The reply should give back every entry exactly as written.
[[ MATERIAL TO PROCESS, beginning ]]
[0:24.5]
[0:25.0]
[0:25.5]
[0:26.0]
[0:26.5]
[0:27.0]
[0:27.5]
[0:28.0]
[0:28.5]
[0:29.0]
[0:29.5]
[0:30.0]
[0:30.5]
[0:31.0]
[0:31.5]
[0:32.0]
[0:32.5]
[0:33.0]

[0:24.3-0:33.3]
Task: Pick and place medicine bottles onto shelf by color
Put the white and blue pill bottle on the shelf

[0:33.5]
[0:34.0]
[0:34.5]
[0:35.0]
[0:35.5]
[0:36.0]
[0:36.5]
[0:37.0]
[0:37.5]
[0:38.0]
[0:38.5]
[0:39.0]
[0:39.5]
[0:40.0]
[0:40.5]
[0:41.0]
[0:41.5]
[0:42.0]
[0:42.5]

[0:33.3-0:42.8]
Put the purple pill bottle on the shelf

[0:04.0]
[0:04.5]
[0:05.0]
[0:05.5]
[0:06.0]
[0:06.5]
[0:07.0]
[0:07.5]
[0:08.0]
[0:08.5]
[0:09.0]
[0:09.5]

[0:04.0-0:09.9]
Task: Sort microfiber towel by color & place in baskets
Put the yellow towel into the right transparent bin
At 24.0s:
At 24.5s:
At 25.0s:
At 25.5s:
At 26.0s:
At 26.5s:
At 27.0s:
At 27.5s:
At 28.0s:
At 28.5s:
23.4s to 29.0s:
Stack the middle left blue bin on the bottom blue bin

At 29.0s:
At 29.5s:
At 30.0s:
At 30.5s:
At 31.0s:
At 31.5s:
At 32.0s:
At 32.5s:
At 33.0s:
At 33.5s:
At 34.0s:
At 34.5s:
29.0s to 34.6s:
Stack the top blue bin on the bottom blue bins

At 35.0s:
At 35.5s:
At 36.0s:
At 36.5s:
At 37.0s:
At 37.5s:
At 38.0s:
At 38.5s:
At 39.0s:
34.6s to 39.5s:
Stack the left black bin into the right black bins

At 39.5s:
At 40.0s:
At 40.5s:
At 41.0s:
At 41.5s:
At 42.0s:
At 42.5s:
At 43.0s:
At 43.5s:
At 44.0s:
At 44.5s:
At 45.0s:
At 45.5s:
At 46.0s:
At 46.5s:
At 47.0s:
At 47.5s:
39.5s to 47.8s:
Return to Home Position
[[ MATERIAL TO PROCESS, end ]]
> [ANSWER TO THIS EXERCISE]
[0:24.5]
[0:25.0]
[0:25.5]
[0:26.0]
[0:26.5]
[0:27.0]
[0:27.5]
[0:28.0]
[0:28.5]
[0:29.0]
[0:29.5]
[0:30.0]
[0:30.5]
[0:31.0]
[0:31.5]
[0:32.0]
[0:32.5]
[0:33.0]

[0:24.3-0:33.3]
Task: Pick and place medicine bottles onto shelf by color
Put the white and blue pill bottle on the shelf

[0:33.5]
[0:34.0]
[0:34.5]
[0:35.0]
[0:35.5]
[0:36.0]
[0:36.5]
[0:37.0]
[0:37.5]
[0:38.0]
[0:38.5]
[0:39.0]
[0:39.5]
[0:40.0]
[0:40.5]
[0:41.0]
[0:41.5]
[0:42.0]
[0:42.5]

[0:33.3-0:42.8]
Put the purple pill bottle on the shelf

[0:04.0]
[0:04.5]
[0:05.0]
[0:05.5]
[0:06.0]
[0:06.5]
[0:07.0]
[0:07.5]
[0:08.0]
[0:08.5]
[0:09.0]
[0:09.5]

[0:04.0-0:09.9]
Task: Sort microfiber towel by color & place in baskets
Put the yellow towel into the right transparent bin
At 24.0s:
At 24.5s:
At 25.0s:
At 25.5s:
At 26.0s:
At 26.5s:
At 27.0s:
At 27.5s:
At 28.0s:
At 28.5s:
23.4s to 29.0s:
Stack the middle left blue bin on the bottom blue bin

At 29.0s:
At 29.5s:
At 30.0s:
At 30.5s:
At 31.0s:
At 31.5s:
At 32.0s:
At 32.5s:
At 33.0s:
At 33.5s:
At 34.0s:
At 34.5s:
29.0s to 34.6s:
Stack the top blue bin on the bottom blue bins

At 35.0s:
At 35.5s:
At 36.0s:
At 36.5s:
At 37.0s:
At 37.5s:
At 38.0s:
At 38.5s:
At 39.0s:
34.6s to 39.5s:
Stack the left black bin into the right black bins

At 39.5s:
At 40.0s:
At 40.5s:
At 41.0s:
At 41.5s:
At 42.0s:
At 42.5s:
At 43.0s:
At 43.5s:
At 44.0s:
At 44.5s:
At 45.0s:
At 45.5s:
At 46.0s:
At 46.5s:
At 47.0s:
At 47.5s:
39.5s to 47.8s:
Return to Home Position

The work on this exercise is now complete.